Adamolekun has prided himself on an unconventional approach that blurs the boundaries of leisure and work—or a sit-down seafood meal and a reconnaissance mission. 

“My life is my work. My work is my life,” he told Fortune in 2023. Adamolekun often begins his days at 4:30 a.m. with a seven-to-eight-mile run and punctuates them with a cigar.

But the sleuthing restaurant visits prior to Adamolekun’s tenure as Red Lobster CEO is a budding practice for a company’s top brass, meant to instill empathy and hone intuition about on-the-ground business decisions. Not just the premise of a cable television show, becoming an undercover boss has prepared CEOs to face the sometimes unseen or underappreciated aspects of the rank-and-file employees whose labor fuels the economic success of a business.

Former Chipotle CEO Brian Niccol began his 2018 initiation as head of the company at a facility in Denver.

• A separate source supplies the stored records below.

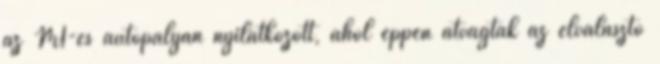
az M1-es autópályán nyilatkozott, ahol éppen átvágták az elválasztó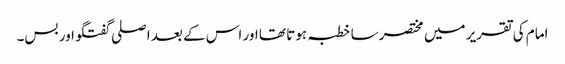
امام کی تقریر میں مختصر سا خطبہ ہوتا تھا اور اس کے بعد اصلی گفتگو اور بس۔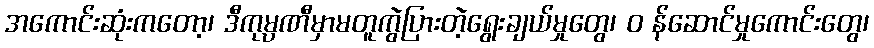
အကောင်းဆုံးကတော့၊ ဒီကုမ္ပဏီမှာမတူကွဲပြားတဲ့ရွေးချယ်မှုတွေ၊ ၀ န်ဆောင်မှုကောင်းတွေ၊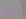
باقية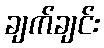
ချက်ချင်း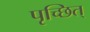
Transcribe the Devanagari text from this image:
पृच्छित्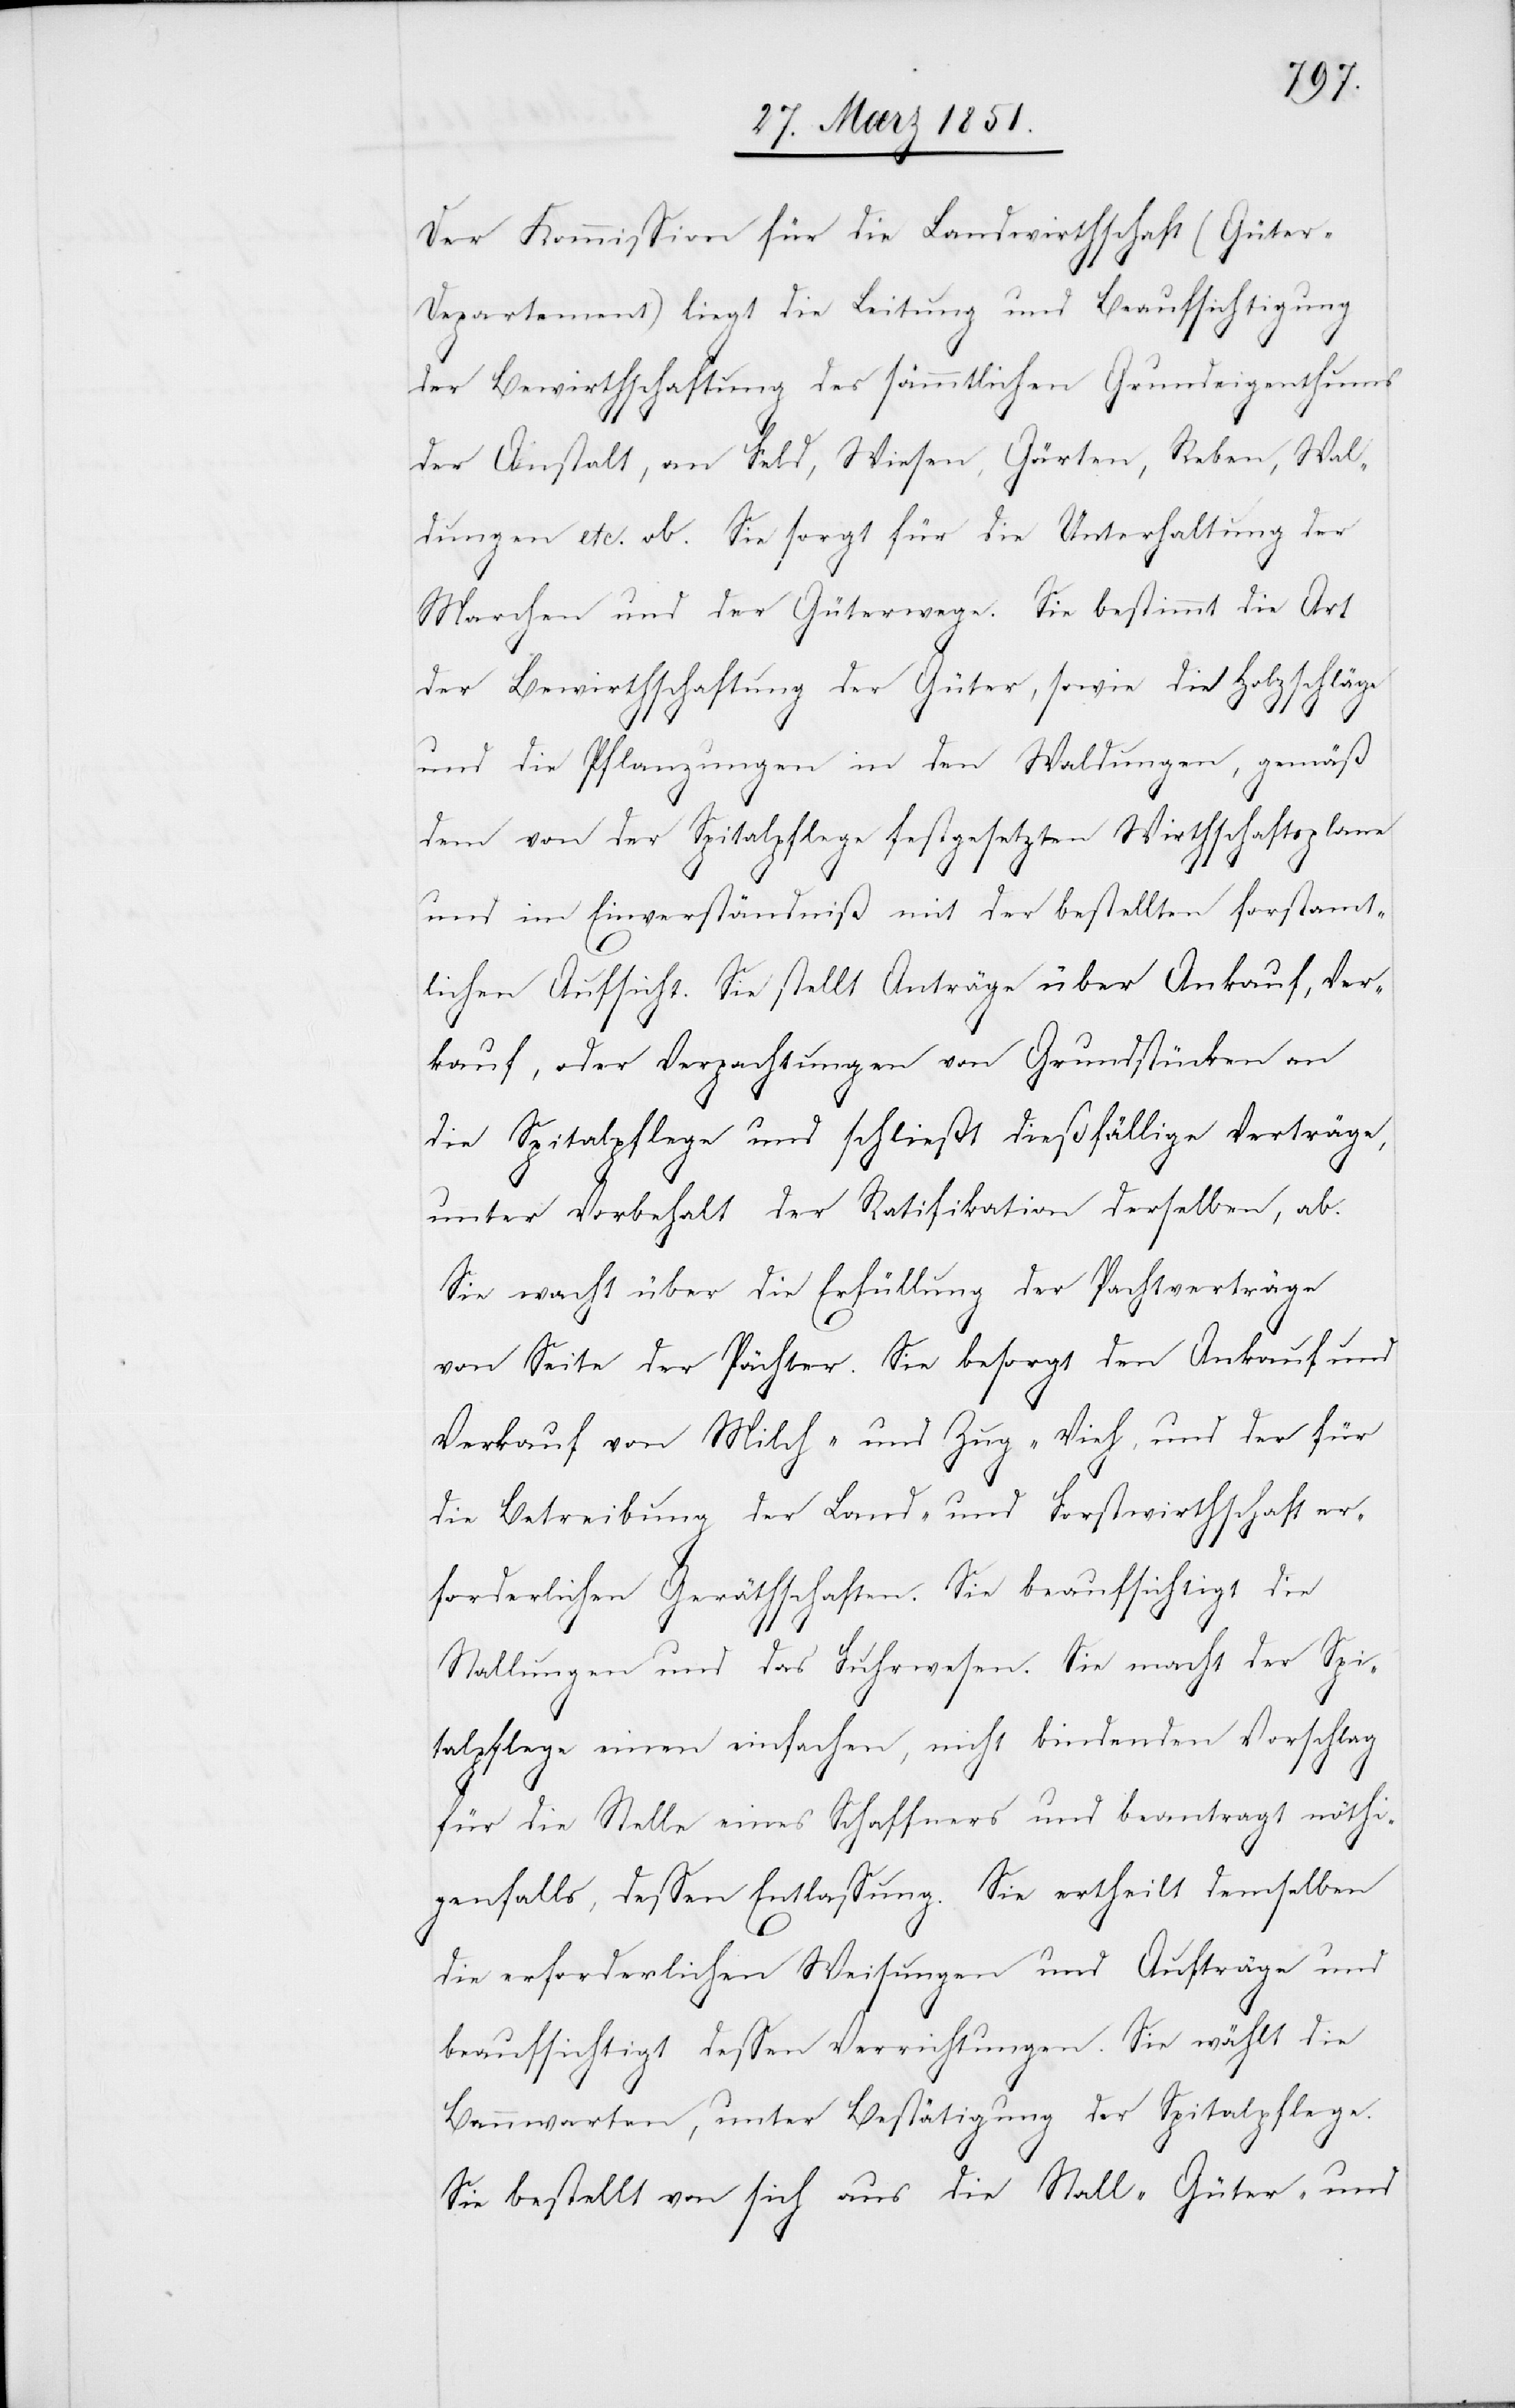
Der Kommission für die Landwirthschaft (Güte¬
r-Departement) liegt die Leitung und Beaufsichtigung
der Bewirthschaftung des sämmtlichen Grundeigenthums
der Anstalt, an Feld, Wiesen, Gärten, Reben, Wal¬
dungen etc. ob. Sie sorgt für die Unterhaltung der
Marchen und der Güterwege. Sie bestimmt die Art
der Bewirthschaftung der Güter, sowie die Holzschläge
und die Pflanzungen in den Waldungen, gemäß
dem von der Spitalpflege festgesetzten Wirthschaftsplane
und im Einverständniß mit der bestellten forstamt¬
lichen Aufsicht. Sie stellt Anträge über Ankauf, Ver¬
kauf, oder Verpachtungen von Grundstücken an
die Spitalpflege und schließt dießfällige Verträge,
unter Vorbehalt der Ratifikation derselben, ab.
Sie wacht über die Erfüllung der Pachtverträge
von Seite der Pächter. Sie besorgt den Ankauf und
Verkauf von Milch- und Zug-Vieh, und der für
die Betreibung der Land- und Forstwirthschaft er¬
forderlichen Geräthschaften. Sie beaufsichtigt die
Stallungen und das Fuhrwesen. Sie macht der Spi¬
talpflege einen einfachen, nicht bindenden Vorschlag
für die Stelle eines Schaffners und beantragt nöthi¬
genfalls, dessen Entlassung. Sie ertheilt demselben
die erforderlichen Weisungen und Aufträge und
beaufsichtigt dessen Verrichtungen. Sie wählt die
Bannwarten, unter Bestätigung der Spitalpflege.
Sie bestellt von sich aus die Stall-[,] Güter- und

Though he never worked at a Chipotle restaurant, he learned to manage a location’s busy lunch rush, chop up vegetables, prepare sides, and tightly wrap burritos, many of which he tore.

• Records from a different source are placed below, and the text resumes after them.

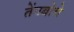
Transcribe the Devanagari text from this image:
तेंगबोचे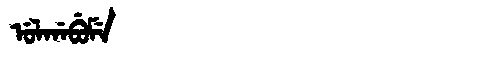
Manchu: ᡠᠯᡤᠠᠪᡠᠮᡝ
Romanization: ULGABUME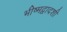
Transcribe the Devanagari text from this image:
भीष्मद्वादशी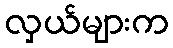
လှယ်များက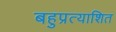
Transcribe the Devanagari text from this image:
बहुप्रत्याशित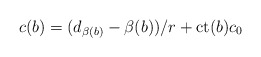
\begin{align*} c(b)=(d_{\beta(b)}-\beta(b))/r+ \mathrm{ct}(b) c_0\end{align*}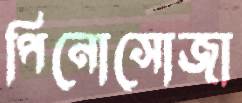
পিনোসোজা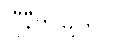
ဂျီနီဗာမြို့တွင်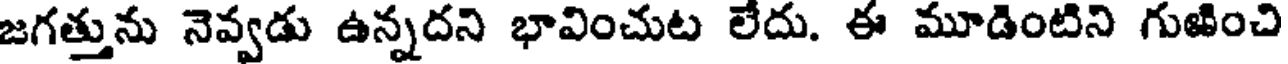
జగత్తును నెవ్వడు ఉన్నదని భావించుట లేదు. ఈ మూడింటిని గుఱించి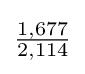
{\tfrac {1,677}{2,114}}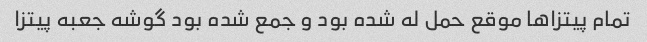
تمام پیتزاها موقع حمل له شده بود و جمع شده بود گوشه جعبه پیتزا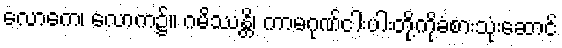
လောကေ၊ လောက၌။ ဂမိဿန္တိ၊ ကာမဂုဏ်ငါးပါးတို့ကိုခံစားသုံးဆောင်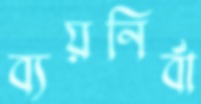
ব্যয়নির্বা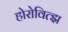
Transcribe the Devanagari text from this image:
होरोवित्झ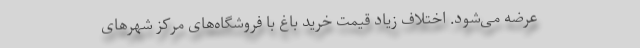
عرضه می‌شود. اختلاف زیاد قیمت خرید باغ با فروشگاه‌های مرکز شهرهای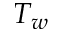
T _ { w }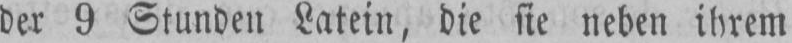
der 9 Stunden Latein, die sie neben ihrem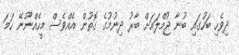
ދިވެހި ބަހުގައި ބުނާ ޖުމްލައަށް ބާރު ދިނުމުގެ ގޮތުން އެއްވެސް މީހެއްނޫނޭ ހަމަ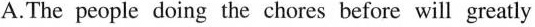
A.The people doing the chores before will greatly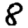
Digit: 8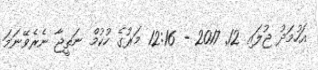
އަހުމަދު ޖުލައި 12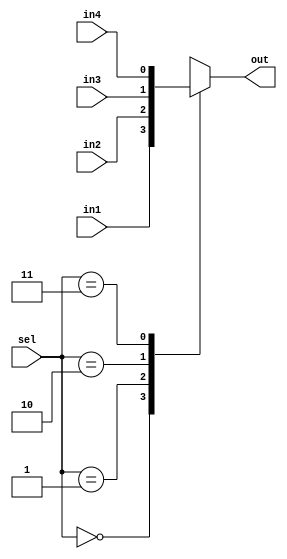
module mux3x1(out,in1,in2,in3,in4,sel);
output out;
input in1,in2,in3,in4;
input[1:0]sel;
reg out;
always @(in1 or in2 or in3 or in4 or sel)
	case(sel)
	2'b00: out=in1;
	2'b01: out=in2;
	2'b10: out=in3;
	2'b11: out=in4;
	endcase
endmodule

“Wrapping a burrito is an art,” Niccol told Fortune earlier this year.

At Starbucks, Niccol will replace Laxman Narasimhan, who, at the beginning of his CEO tenure in March 2023, vowed to employees he would spend hours working behind the counter of the Seattle coffee chain, donning an apron and slinging frappuccinos.

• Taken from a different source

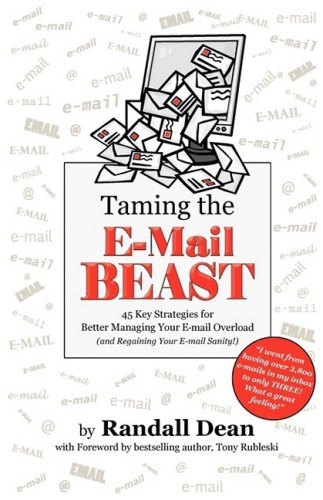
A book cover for Taming The Email Beast; Randall Dean; Computers & Technology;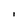
Character: I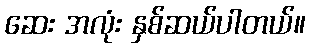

“To keep us close to the culture and our customers, as well as to our challenges and opportunities, I intend to continue working in stores for a half day each month, and I expect each member of the leadership team to also ensure our support centers stay connected and engaged in the realities of our stores for discussion and improvement,” he wrote in an email to employees.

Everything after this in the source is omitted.